Benoit Solès : Comme pour Alexis, c’est un club de théâtre qui a été déterminant… mais un peu par hasard. Le club de mon collège monte Antigone, et à quelques jours de la représentation, l’élève qui joue Créon se défile… On me propose alors le rôle, et ma passion pour le théâtre prend racine !

« Nous avons une tension commune vers un théâtre populaire et exigeant » ,Alexis Michalik


Qu’est-ce qui vous a ensuite poussé à l’écriture ?

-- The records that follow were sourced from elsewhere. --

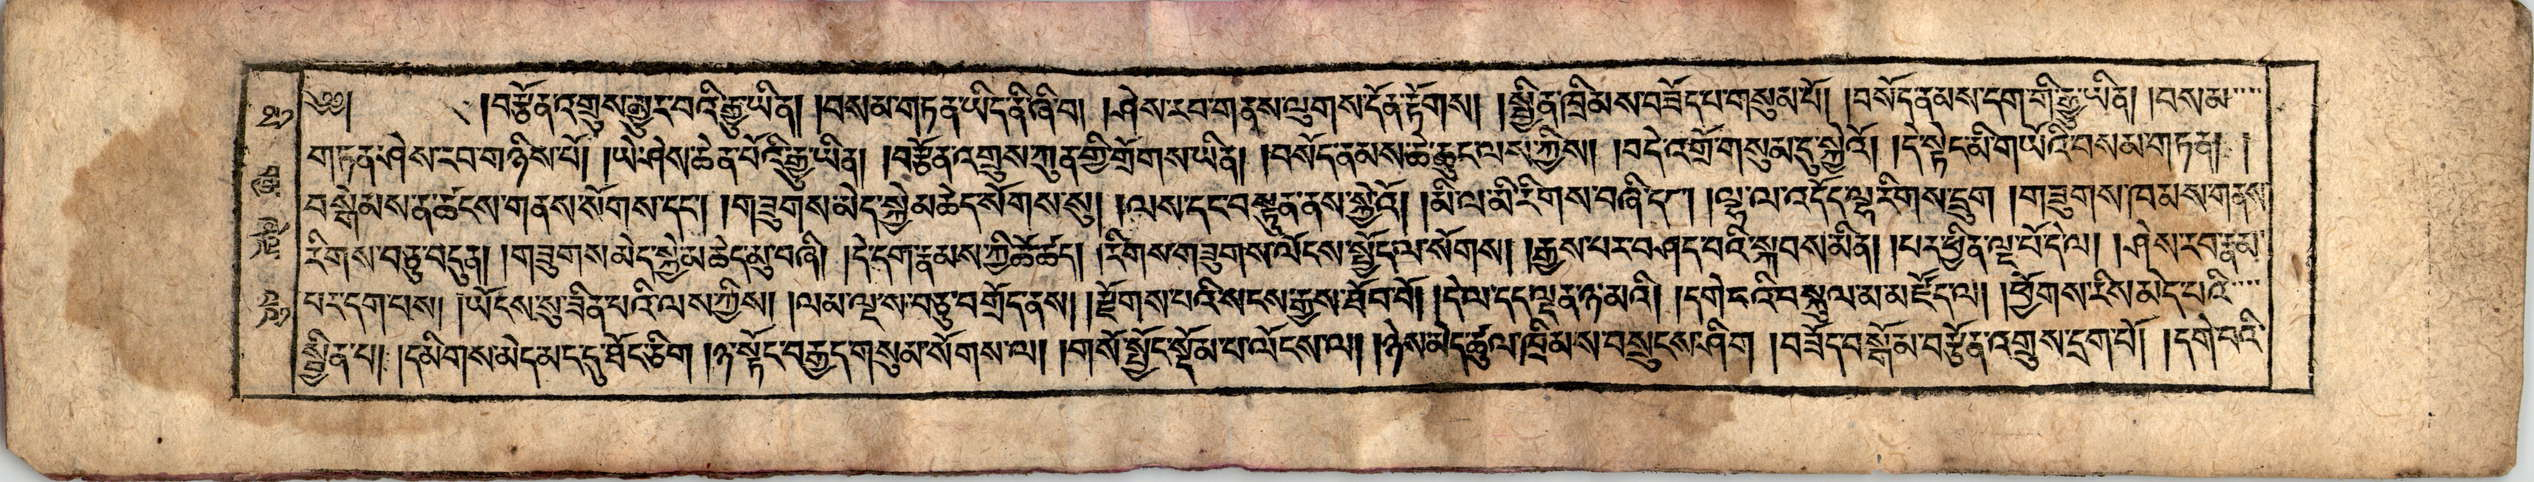བརྩོན་འགྲུས་མྱུར་བའི་རྒྱུ་ཡིན། །བསམ་གཏན་ཡིད་ནི་ཞི་བ། །ཤེས་རབ་གནས་ལུགས་དོན་རྟོགས། །སྦྱིན་ཁྲིམས་བཟོད་པ་གསུམ་པོ། །བསོད་ནམས་དག་གི་རྒྱུ་་ཡིན། །བསམ་
གཏན་ཤེས་རབ་གཉིས་པོ། །ཡེ་ཤེས་ཆེན་པོའི་རྒྱུ་ཡིན། །བརྩོན་འགྲུས་ཀུན་གྱི་གྲོགས་ཡིན། །བསོད་ནམས་ཆེ་ཆུང་ལས་ཀྱིས། །བདེ་འགྲོ་གསུམ་དུ་སྐྱེའོ། །དེ་སྟེང་མི་གཡོའི་བསམ་གཏན། །
བསྒོམས་ན་ཚངས་གནས་སོགས་དང་། །གཟུགས་མེད་སྐྱེ་མཆེད་སོགས་སུ། །ལས་དང་བསྟུན་ནས་སྐྱེ་འོ། །མི་ལ་མི་རིགས་བཞི་དང་། །ལྷ་ལ་འདོད་ལྷ་རིགས་དྲུག །གཟུགས་ཁམས་གནས་
རིགས་བཅུ་བདུན། །གཟུགས་མེད་སྐྱེ་མཆེད་མུ་བཞི། །དེ་དག་རྣམས་ཀྱི་ཚེ་ཚད། །རིགས་གཟུགས་ལོངས་སྤྱོད་ལ་སོགས། །རྒྱས་པར་བཤད་པའི་སྐབས་མིན། །ཕར་ཕྱིན་ལྔ་པོ་དེ་ལ། །ཤེས་རབ་རྣམ་
པར་དག་པས། །ཡོངས་སུ་ཟིན་པའི་ལས་ཀྱིས། །ལམ་ལྔ་ས་བཅུ་བགྲོད་ནས། །རྫོགས་པའི་སངས་རྒྱས་ཐོབ་བོ། །དེ་ལ་དད་ལྡན་ཉ་མའི། །དགེ་བའི་བསྐུལ་མ་མཛོད་ལ། །ཕྱོགས་རིས་མེད་པའི་
སྦྱིན་པ། །དམིགས་མེད་མང་དུ་ཐོང་ཅིག །ཉ་སྟོང་བརྒྱད་གསུམ་སོགས་ལ། །གསོ་སྤྱོང་སྡོམ་པ་ལོངས་ལ། །ཉེས་མེད་ཚུལ་ཁྲིམས་བསྲུངས་ཤིག །བཟོད་བསྒོམ་བརྩོན་འགྲུས་དྲག་པོ། །དགེ་བའི་

B : Je me suis tourné vers l’écriture assez tardivement, désireux dans un premier temps de raconter des histoires intérieures, presque de l’ordre du journal intime. C’est ensuite dans la biographie de grandes figures telles que Tennessee Williams que j’ai puisé l’inspiration pour mes pièces.

A : Adolescent, je tenais un journal intime, écrivais des romans, des scénarios et des pièces. Si j’écrivais initialement pour le plaisir, c’est l’accueil réservé à ma première pièce Le Porteur d’Histoire qui m’a sérieusement poussé vers la dramaturgie.

Comment ont éclos les pièces edmond et la machine de Turing ?

A : Le scénario d’Edmond s’est dessiné lorsque j’avais une vingtaine d’années.
Dix ans plus tard, je peinais à trouver des réalisateurs pour porter le projet. À ce moment-là, j’assiste à une adaptation au théâtre de Shakespeare In Love à Londres. Malgré la qualité du spectacle, je déplore que l’on vienne “revoir” un film et non découvrir une oeuvre. C’est cette réflexion qui me fait envisager Edmond comme une pièce de théâtre, de laquelle je pourrais plus tard tirer un film. Sébastien Azzopardi et Francis Nani me donnent leur feu vert, le projet s’amorce !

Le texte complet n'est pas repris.